At the city-wide, provincial, and federal levels, ACORN consolidates the power built in the neighbourhoods and buildings so that we can win legislative campaigns to expand the tenant rights and social programs that our communities are demanding and need.

Housing is a place to live, not a commodity or investment product. Tenants are struggling to find affordable, secure, safe and healthy homes. That is why ACORN is fighting for tenant protections and community controlled housing. This is not an easy fight to win, and ACORN fundamentally believes that it will never be won by any one local group no matter how strong they are. To win, tenants need to be united across communities, across cities, across provinces, and across the world. Tenants want to come together, get organized on a large scale, and demand systemic change. ACORN organizes to make this happen. We are stronger together as tenants!

This platform is for tenants who want to fight back against the corporate greed that is ruining housing in Canada. It offers first step tools and resources to act collectively. Join ACORN to connect with tenants across your community, city, province, and country who are already fighting back. Building large scale community power in your building, and across your city, province and country is the best way to organise for change. This platform helps you do that.

Current Victories

  • Millions of dollars won nationally in repairs!
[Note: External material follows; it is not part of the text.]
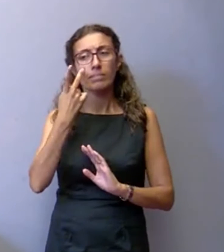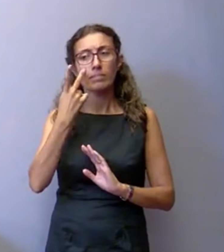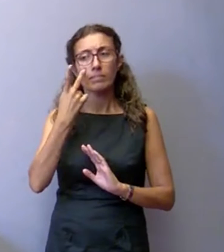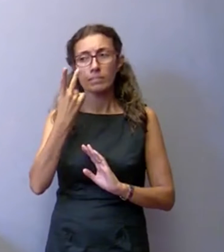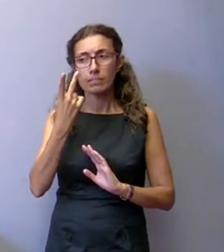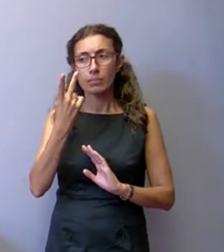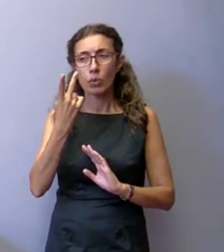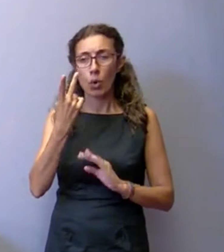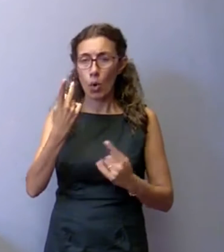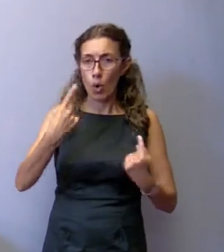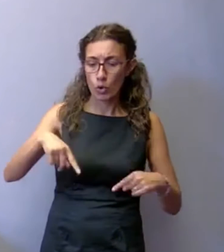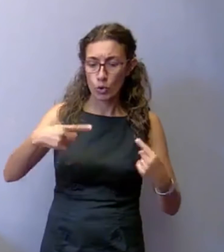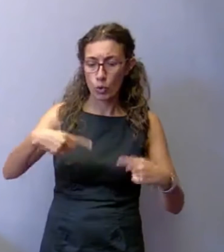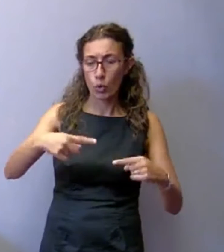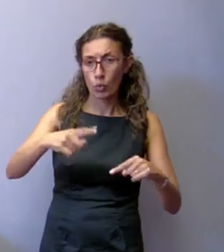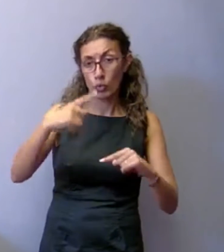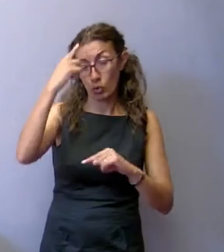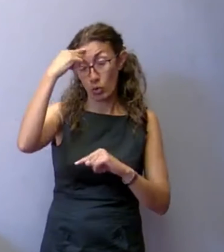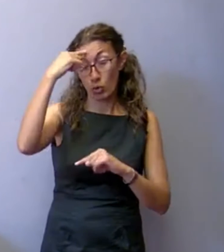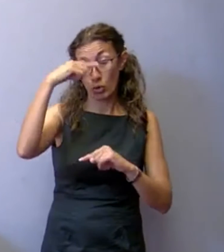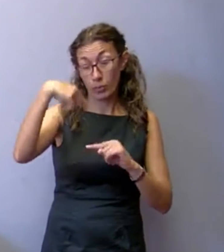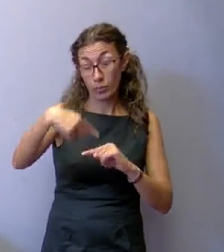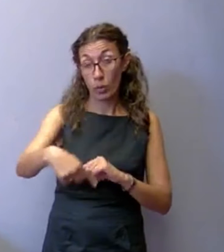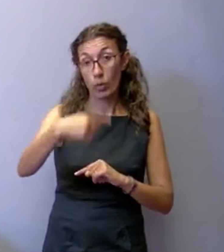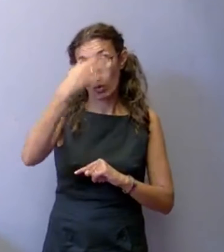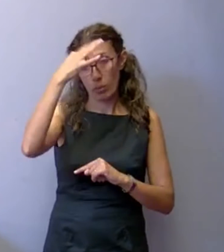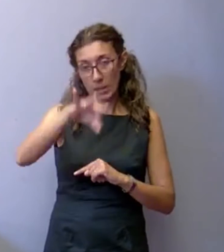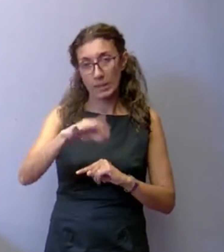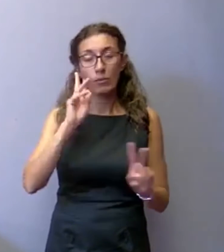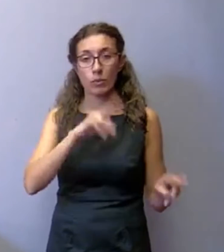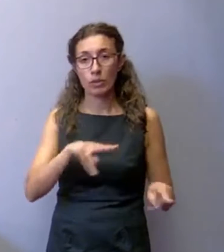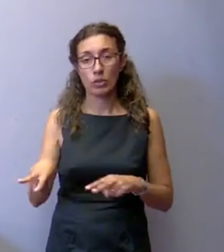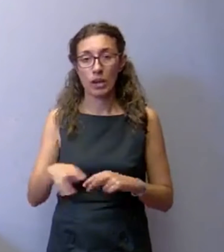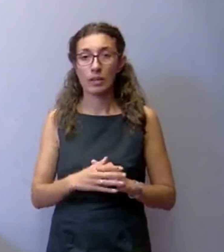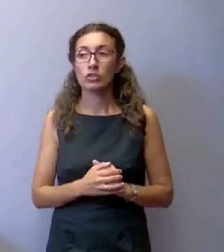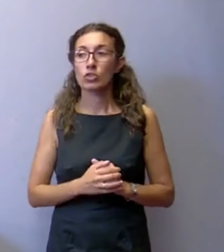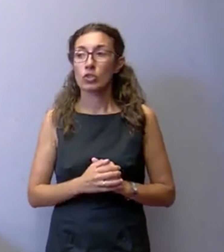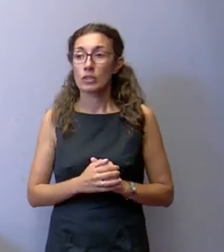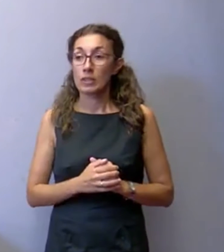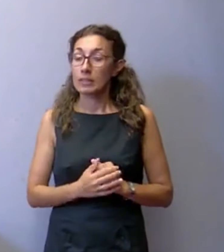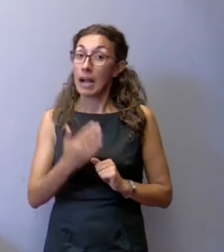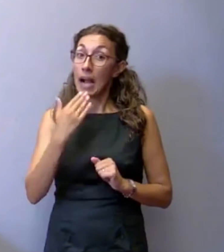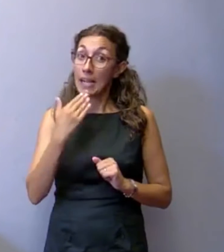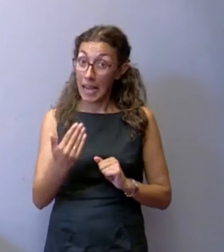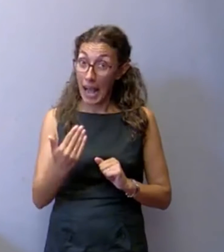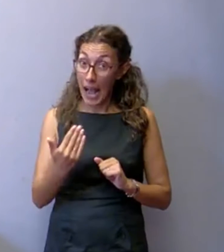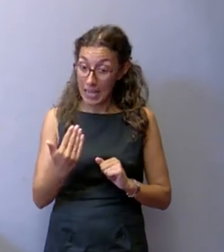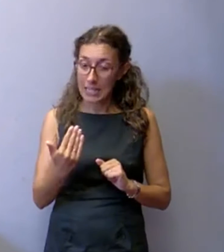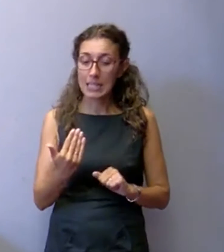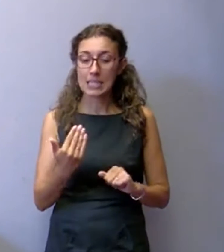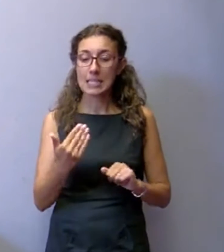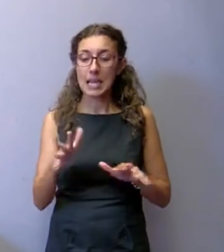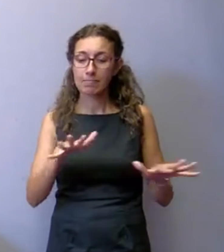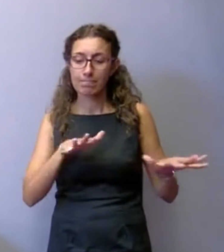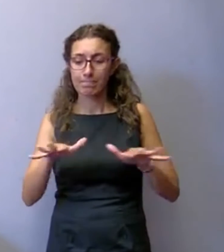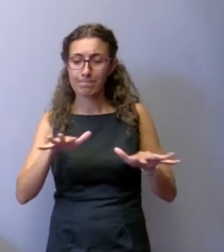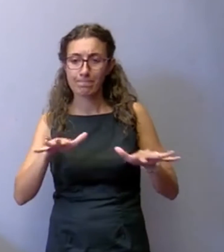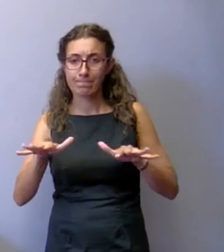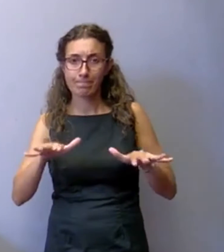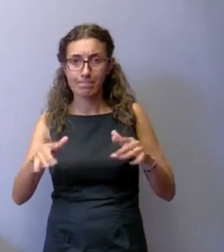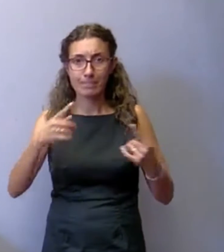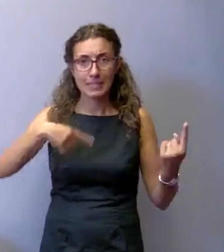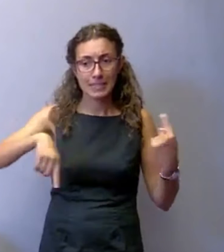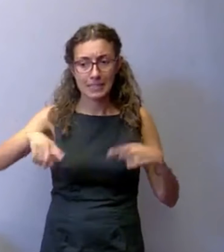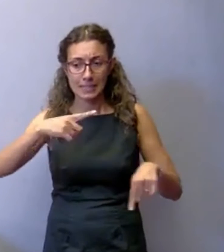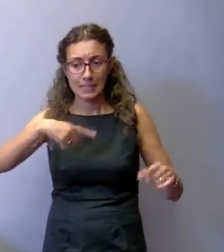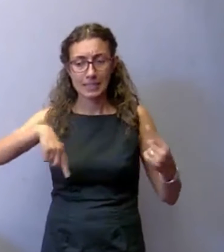successive riunioni di monitoraggio. Il riassetto viabilistico permetterà di iniziare gli scavi per la realizzazione della nuova rampa

    Since our inception in 2004, ACORN members have won millions of dollars in cities like Toronto, Ottawa, Hamilton, Halifax, Calgary, New Westminster, Surrey, Burnaby and Mississauga in repairs!!  ACORN has been extremely successful in getting hundreds of thousands of tenants in buildings who are struggling with roaches, bedbugs, mould, plumbing issues etc. to do actions. These actions have not only exposed the landlord’s negligence in maintaining their buildings but have helped tenants win millions of dollars in repairs. While some tenants have waited for years to get changes in their buildings, direct actions by tenants have resulted in quick and concrete changes. Collective action works!

  • BC ACORN secures a historic win to stop Additional Rent Increase in New Westminster

    Tenants at Skyline Towers in New Westminster were happy to see their broken elevators finally being replaced, only to find out that their landlord Bayside Properties intended to have tenants pay for the entire $1,000,000 bill with a rent increase. Under the BC Provincial Housing legislation, landlords can now apply to the BC Residential Tenancies Branch (RTB) for an Additional Rent Increase (ARI) to pay for major repairs needed in the building. With her neighbours, ACORN Canada leader organized an ACORN Tenant Union in the building and started to fight the ARI. The Tenant Union worked tirelessly to prove to the RTB that due to decades of neglect, Bayside Properties should bear the costs to repair the elevator. The RTB ruled that the  landlord pays all the costs for the elevator repairs making Skyline Tower ACORN Tenant Union the first tenants to defeat an ARI dispute at arbitration in BC.

  • Ottawa ACORN stops Manor Village displacement and wins against renoviction

    ACORN has been fighting against the mass displacement of Manor Village tenants since September 2020. Many tenants have been in their homes for over 30 years. However, this community has been under threat. The City wanted to push Stage 3 LRT straight through the community. The City Council voted in favour of demolishing 300+ tenants’ homes to put the LRT through Manor Village. Members persisted and continued planning actions, forcing the city to reverse their decision!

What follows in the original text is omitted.